Exercise instructions -
Apart from the images, the entire listing below must be restated word for word.

Input data START

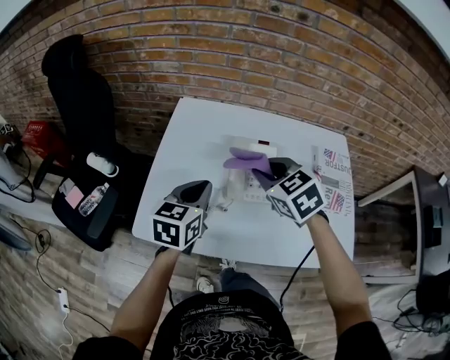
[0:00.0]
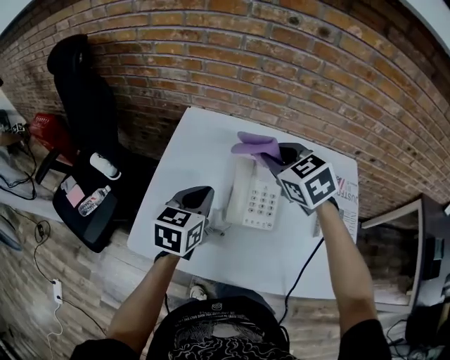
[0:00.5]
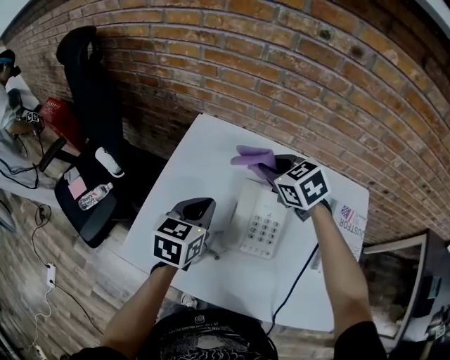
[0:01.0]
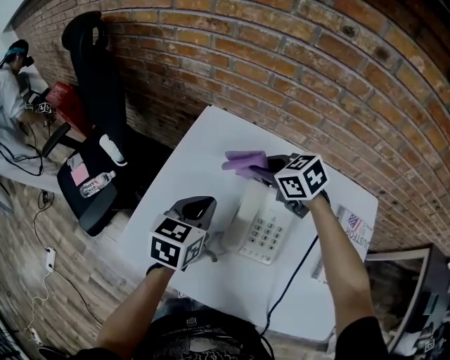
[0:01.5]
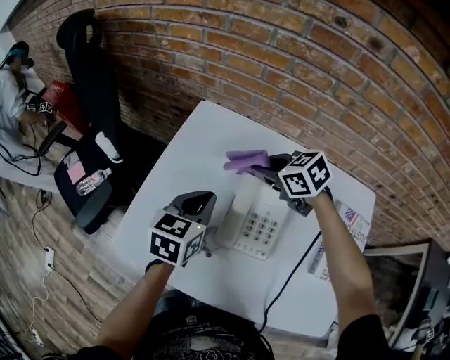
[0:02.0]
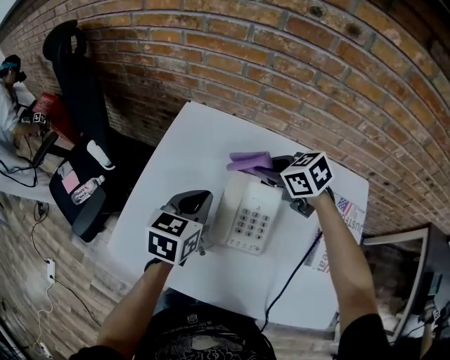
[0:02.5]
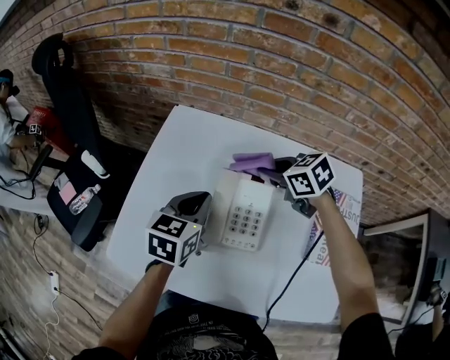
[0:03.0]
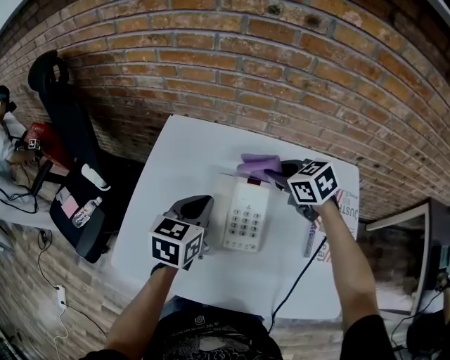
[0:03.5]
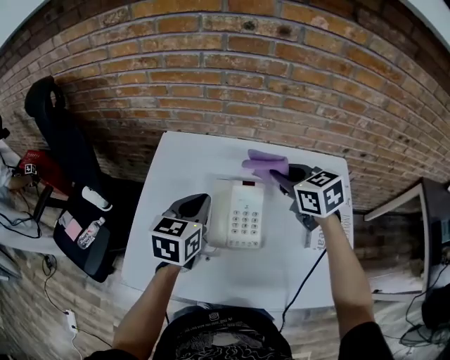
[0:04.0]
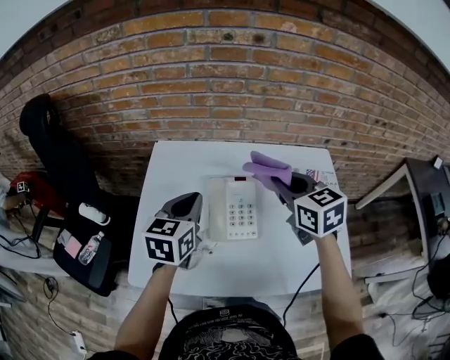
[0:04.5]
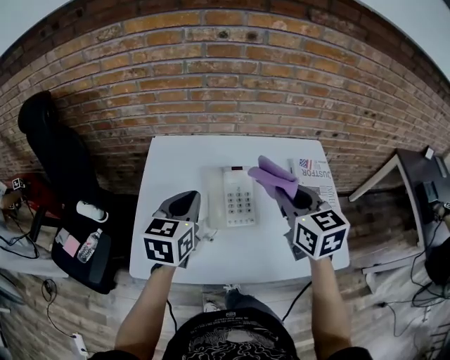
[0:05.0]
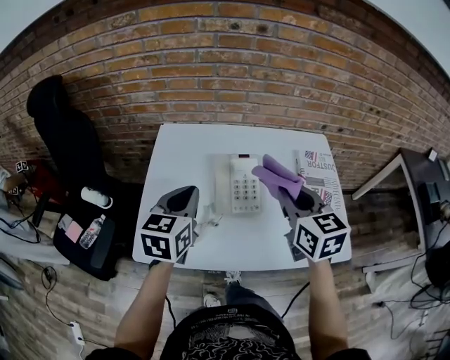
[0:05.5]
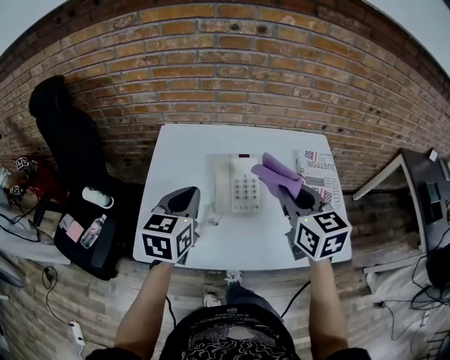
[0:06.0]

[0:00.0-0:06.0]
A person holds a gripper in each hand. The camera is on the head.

Input data END

Response -
[0:00.0]
[0:00.5]
[0:01.0]
[0:01.5]
[0:02.0]
[0:02.5]
[0:03.0]
[0:03.5]
[0:04.0]
[0:04.5]
[0:05.0]
[0:05.5]
[0:06.0]

[0:00.0-0:06.0]
A person holds a gripper in each hand. The camera is on the head.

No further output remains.